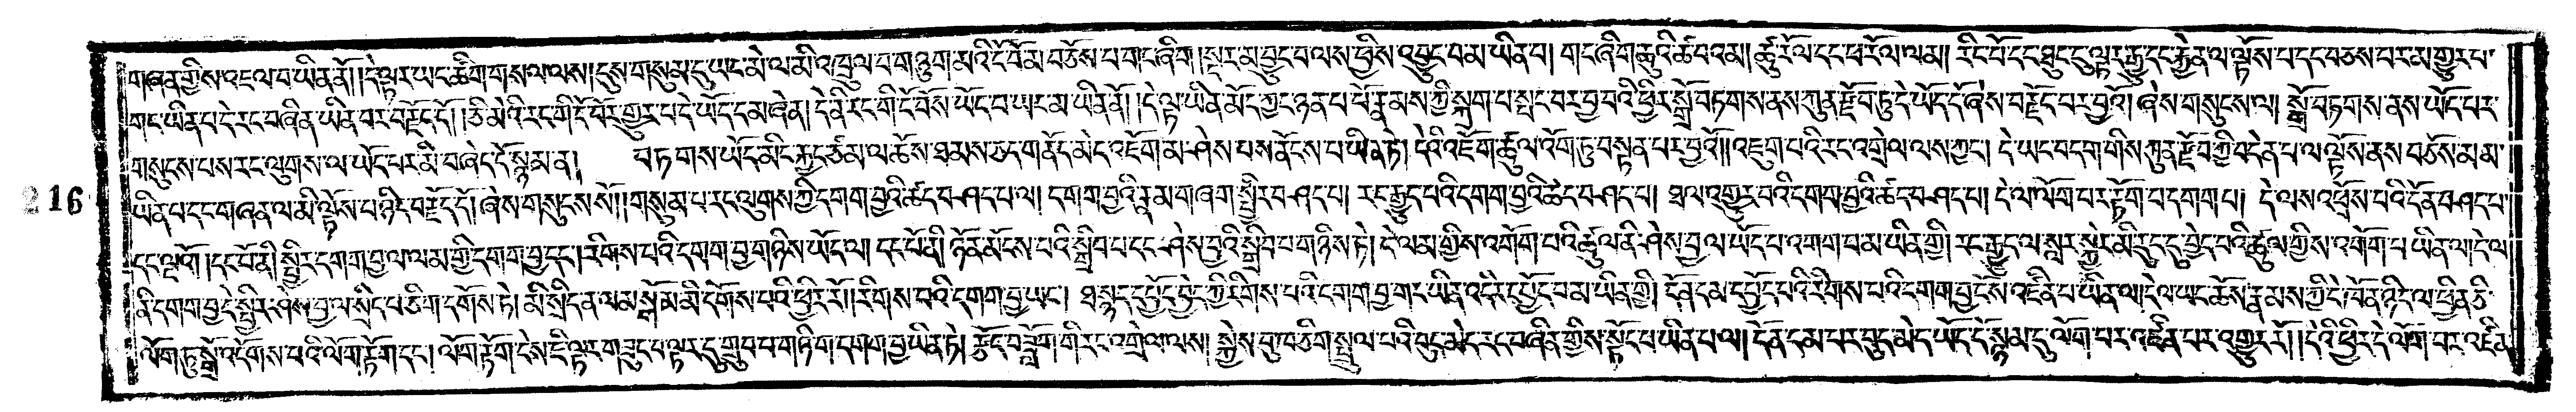གཞན་གྱིས་འཇལ་བ་ཡིན་ནོ། །དེ་ལྟར་ཡང་ཚིག་གསལ་ལས། དུས་གསུམ་དུ་ཡང་མེ་ལ་མི་འཁྲུལ་བ་གཉུག་མའི་ངོ་བོ་མ་བཅོས་པ་གང་ཞིག །སྔར་མ་བྱུང་བ་ལས་ཕྱིས་འབྱུང་བ་མ་ཡིན་པ། གང་ཞིག་ཆུའི་ཚ་བའམ། ཚུ་རོལ་དང་ཕ་རོལ་ལམ། རིང་པོ་དང་ཐུང་དུ་ལྟར་རྒྱུ་དང་རྐྱེན་ལ་ལྟོས་པ་དང་བཅས་པར་མ་གྱུར་པ་
གང་ཡིན་པ་དེ་རང་བཞིན་ཡིན་པར་བརྗོད་དོ། །ཅི་མེའི་རང་གི་ངོ་བོར་གྱུར་པ་དེ་ཡོད་དམ་ཞེ་ན། དེ་ནི་རང་གི་ངོ་བོས་ཡོད་པ་ཡང་མ་ཡིན་ནོ། །དེ་ལྟ་ཡིན་མོད་ཀྱང་ཉན་པ་པོ་རྣམས་ཀྱི་སྐྲག་བ་སྤང་བར་བྱ་བའི་ཕྱིར་སྒྲོ་བཏགས་ནས་ཀུན་རྫོབ་ཏུ་དེ་ཡོད་དོ་ཞེས་བརྗོད་པར་བྱའོ། ཞེས་གསུངས་ལ། སྒྲོ་བཏགས་ནས་ཡོད་པར་
གསུངས་པས་རང་ལུགས་ལ་ཡོད་པར་མི་བཞེད་དོ་སྙམ་ན། བཏགས་ཡོད་མིང་རྐྱང་ཙམ་ལ་ཆོས་ཐམས་ཅད་གནོད་མེད་འཇོག་མ་ཤེས་བས་ནོངས་པ་ཡིན་ཏེ། དེའི་འཇོག་ཚུལ་འོག་ཏུ་བསྟན་པར་བྱའོ། །འཇུག་པའི་རང་འགྲེལ་ལས་ཀྱང་། དེ་ཡང་བདག་གིས་ཀུན་རྫོབ་ཀྱི་བདེན་པ་ལ་ལྟོས་ནས་བཅོས་མམ་
ཡིན་པ་དང་གཞན་ལ་མི་ལྟོས་པ་ཉིད་བརྗོད་དོ། ཞེས་གསུངས་སོ། །གསུམ་པ་རང་ལུགས་ཀྱི་དགག་བྱའི་ཚད་བཤད་པ་ལ། དགག་བྱའི་རྣམ་གཞག་སྤྱིར་བཤད་པ། རང་རྒྱུད་པའི་དགག་བྱའི་ཆེད་བཤད་པ། ཐལ་འགྱུར་བའི་དགག་བྱའི་ཚད་བཤད་པ། དེ་ལ་ལོག་པར་རྟོག་པ་དགག་པ། དེ་ལས་འཕྲོས་པའི་དོན་བཤད་པ་
དང་ལྔའོ། །དང་པོ་ནི། སྤྱིར་དགག་བྱ་ལ་ལམ་གྱི་དགག་བྱ་དང་། རིགས་པའི་དགག་བྱ་གཉིས་ཡོད་ལ། དང་པོ་ནི། ཉོན་མོངས་པའི་སྒྲིབ་པ་དང་ཤེས་བྱའི་སྒྲིབ་པ་གཉིས་ཏེ། དེ་ལམ་གྱིས་འགོག་པའི་ཚུལ་ནི་ཤེས་བྱ་ལ་ཡོད་པ་འགག་པ་མ་ཡིན་གྱི། རང་རྒྱུད་ལ་སླར་སྐྱེད་མི་རུང་དུ་བྱེད་པའི་ཚུལ་གྱིས་འགོག་པ་ཡིན་ལ། དེ་ལ་
ནི་དགག་བྱ་དེ་སྤྱིར་ཤེས་བྱ་ལ་སྲིད་པ་ཅིག་དགོས་ཏེ། མི་སྲིད་ན་ལམ་སྒོམ་མི་དགོས་པའི་ཕྱིར་རོ། །རིགས་པའི་དགག་བྱ་ཡང་། ཐ་སྙད་དཔྱོད་བྱེད་ཀྱི་རིགས་པའི་དགག་བྱ་གང་ཡིན་འདིར་དཔྱོད་བ་མ་ཡིན་གྱི། དོན་དམ་དཔྱོད་པའི་རིགས་པའི་དགག་བྱ་ངོས་འཛིན་པ་ཡིན་ལ། དེ་ལ་ཡང་ཆོས་རྣམས་ཀྱི་དེ་ཁོ་ན་ཉིད་ལ་ཕྱིན་ཅི་
ལོག་ཏུ་སྒྲོ་འདོགས་པའི་ལོག་རྟོག་དང་། ལོག་རྟོག་དེས་ཇི་ལྟར་གཟུང་བ་ལྟར་དུ་གྲུབ་པ་གཉི་ག་དགག་བྱ་ཡིན་ཏེ། རྩོད་བཟློག་གི་རང་འགྲེལ་ལས། སྐྱེས་བུ་ཁ་ཅིག་སྤྲུལ་པའི་བུད་མེད་རང་བཞིན་གྱིས་སྟོང་པ་ཡིན་པ་ལ། དོན་དམ་པར་བུད་མེད་ཡོད་དོ་སྙམ་དུ་ལོག་པར་འཛིན་པར་འགྱུར་རོ། །དེའི་ཕྱིར་དེ་ལོག་པར་འཛིན་

=-=-=

### Task to complete
For this exercise, write out the listing verbatim and leave every image out.

### Your solution
གཞན་གྱིས་འཇལ་བ་ཡིན་ནོ། །དེ་ལྟར་ཡང་ཚིག་གསལ་ལས། དུས་གསུམ་དུ་ཡང་མེ་ལ་མི་འཁྲུལ་བ་གཉུག་མའི་ངོ་བོ་མ་བཅོས་པ་གང་ཞིག །སྔར་མ་བྱུང་བ་ལས་ཕྱིས་འབྱུང་བ་མ་ཡིན་པ། གང་ཞིག་ཆུའི་ཚ་བའམ། ཚུ་རོལ་དང་ཕ་རོལ་ལམ། རིང་པོ་དང་ཐུང་དུ་ལྟར་རྒྱུ་དང་རྐྱེན་ལ་ལྟོས་པ་དང་བཅས་པར་མ་གྱུར་པ་
གང་ཡིན་པ་དེ་རང་བཞིན་ཡིན་པར་བརྗོད་དོ། །ཅི་མེའི་རང་གི་ངོ་བོར་གྱུར་པ་དེ་ཡོད་དམ་ཞེ་ན། དེ་ནི་རང་གི་ངོ་བོས་ཡོད་པ་ཡང་མ་ཡིན་ནོ། །དེ་ལྟ་ཡིན་མོད་ཀྱང་ཉན་པ་པོ་རྣམས་ཀྱི་སྐྲག་བ་སྤང་བར་བྱ་བའི་ཕྱིར་སྒྲོ་བཏགས་ནས་ཀུན་རྫོབ་ཏུ་དེ་ཡོད་དོ་ཞེས་བརྗོད་པར་བྱའོ། ཞེས་གསུངས་ལ། སྒྲོ་བཏགས་ནས་ཡོད་པར་
གསུངས་པས་རང་ལུགས་ལ་ཡོད་པར་མི་བཞེད་དོ་སྙམ་ན། བཏགས་ཡོད་མིང་རྐྱང་ཙམ་ལ་ཆོས་ཐམས་ཅད་གནོད་མེད་འཇོག་མ་ཤེས་བས་ནོངས་པ་ཡིན་ཏེ། དེའི་འཇོག་ཚུལ་འོག་ཏུ་བསྟན་པར་བྱའོ། །འཇུག་པའི་རང་འགྲེལ་ལས་ཀྱང་། དེ་ཡང་བདག་གིས་ཀུན་རྫོབ་ཀྱི་བདེན་པ་ལ་ལྟོས་ནས་བཅོས་མམ་
ཡིན་པ་དང་གཞན་ལ་མི་ལྟོས་པ་ཉིད་བརྗོད་དོ། ཞེས་གསུངས་སོ། །གསུམ་པ་རང་ལུགས་ཀྱི་དགག་བྱའི་ཚད་བཤད་པ་ལ། དགག་བྱའི་རྣམ་གཞག་སྤྱིར་བཤད་པ། རང་རྒྱུད་པའི་དགག་བྱའི་ཆེད་བཤད་པ། ཐལ་འགྱུར་བའི་དགག་བྱའི་ཚད་བཤད་པ། དེ་ལ་ལོག་པར་རྟོག་པ་དགག་པ། དེ་ལས་འཕྲོས་པའི་དོན་བཤད་པ་
དང་ལྔའོ། །དང་པོ་ནི། སྤྱིར་དགག་བྱ་ལ་ལམ་གྱི་དགག་བྱ་དང་། རིགས་པའི་དགག་བྱ་གཉིས་ཡོད་ལ། དང་པོ་ནི། ཉོན་མོངས་པའི་སྒྲིབ་པ་དང་ཤེས་བྱའི་སྒྲིབ་པ་གཉིས་ཏེ། དེ་ལམ་གྱིས་འགོག་པའི་ཚུལ་ནི་ཤེས་བྱ་ལ་ཡོད་པ་འགག་པ་མ་ཡིན་གྱི། རང་རྒྱུད་ལ་སླར་སྐྱེད་མི་རུང་དུ་བྱེད་པའི་ཚུལ་གྱིས་འགོག་པ་ཡིན་ལ། དེ་ལ་
ནི་དགག་བྱ་དེ་སྤྱིར་ཤེས་བྱ་ལ་སྲིད་པ་ཅིག་དགོས་ཏེ། མི་སྲིད་ན་ལམ་སྒོམ་མི་དགོས་པའི་ཕྱིར་རོ། །རིགས་པའི་དགག་བྱ་ཡང་། ཐ་སྙད་དཔྱོད་བྱེད་ཀྱི་རིགས་པའི་དགག་བྱ་གང་ཡིན་འདིར་དཔྱོད་བ་མ་ཡིན་གྱི། དོན་དམ་དཔྱོད་པའི་རིགས་པའི་དགག་བྱ་ངོས་འཛིན་པ་ཡིན་ལ། དེ་ལ་ཡང་ཆོས་རྣམས་ཀྱི་དེ་ཁོ་ན་ཉིད་ལ་ཕྱིན་ཅི་
ལོག་ཏུ་སྒྲོ་འདོགས་པའི་ལོག་རྟོག་དང་། ལོག་རྟོག་དེས་ཇི་ལྟར་གཟུང་བ་ལྟར་དུ་གྲུབ་པ་གཉི་ག་དགག་བྱ་ཡིན་ཏེ། རྩོད་བཟློག་གི་རང་འགྲེལ་ལས། སྐྱེས་བུ་ཁ་ཅིག་སྤྲུལ་པའི་བུད་མེད་རང་བཞིན་གྱིས་སྟོང་པ་ཡིན་པ་ལ། དོན་དམ་པར་བུད་མེད་ཡོད་དོ་སྙམ་དུ་ལོག་པར་འཛིན་པར་འགྱུར་རོ། །དེའི་ཕྱིར་དེ་ལོག་པར་འཛིན་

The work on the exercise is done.